YOUR OBJECTIVE >> In the entries below, find the line with "Options: yes, no", then set it down exactly along with each line after it to the end, skipping any pictures.

AVAILABLE DATA >>
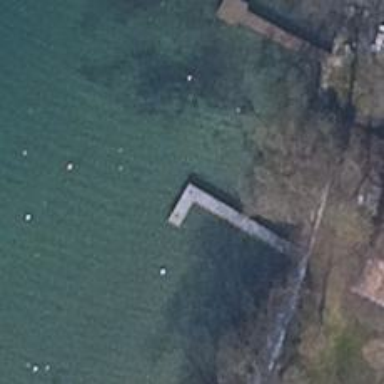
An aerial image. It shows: Man-made pier.
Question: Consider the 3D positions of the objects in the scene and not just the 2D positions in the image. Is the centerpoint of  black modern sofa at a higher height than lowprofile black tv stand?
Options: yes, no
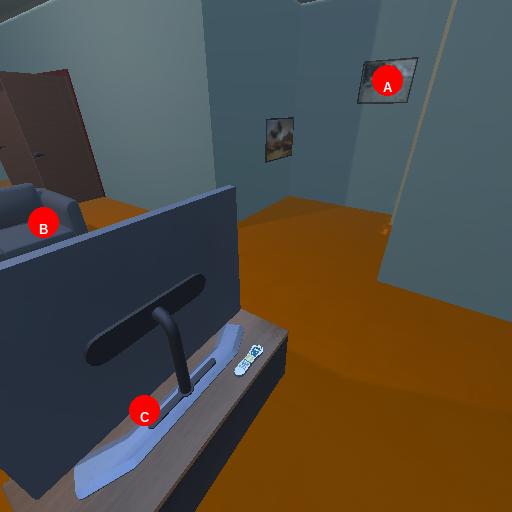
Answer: yes
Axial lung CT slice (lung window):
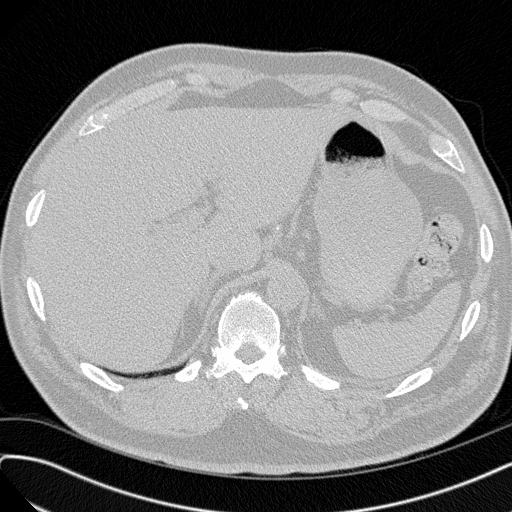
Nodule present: no
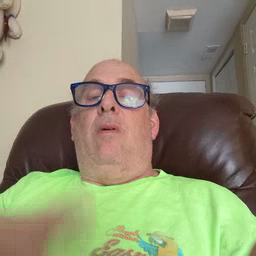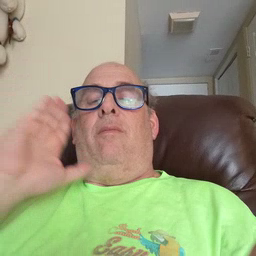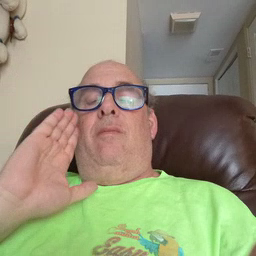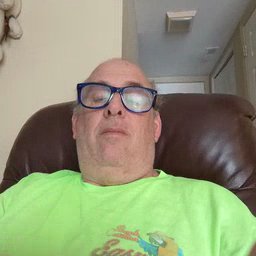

REPLY >>
Options: yes, no
Answer: yes
Axial lung CT slice (lung window):
Nodule present: no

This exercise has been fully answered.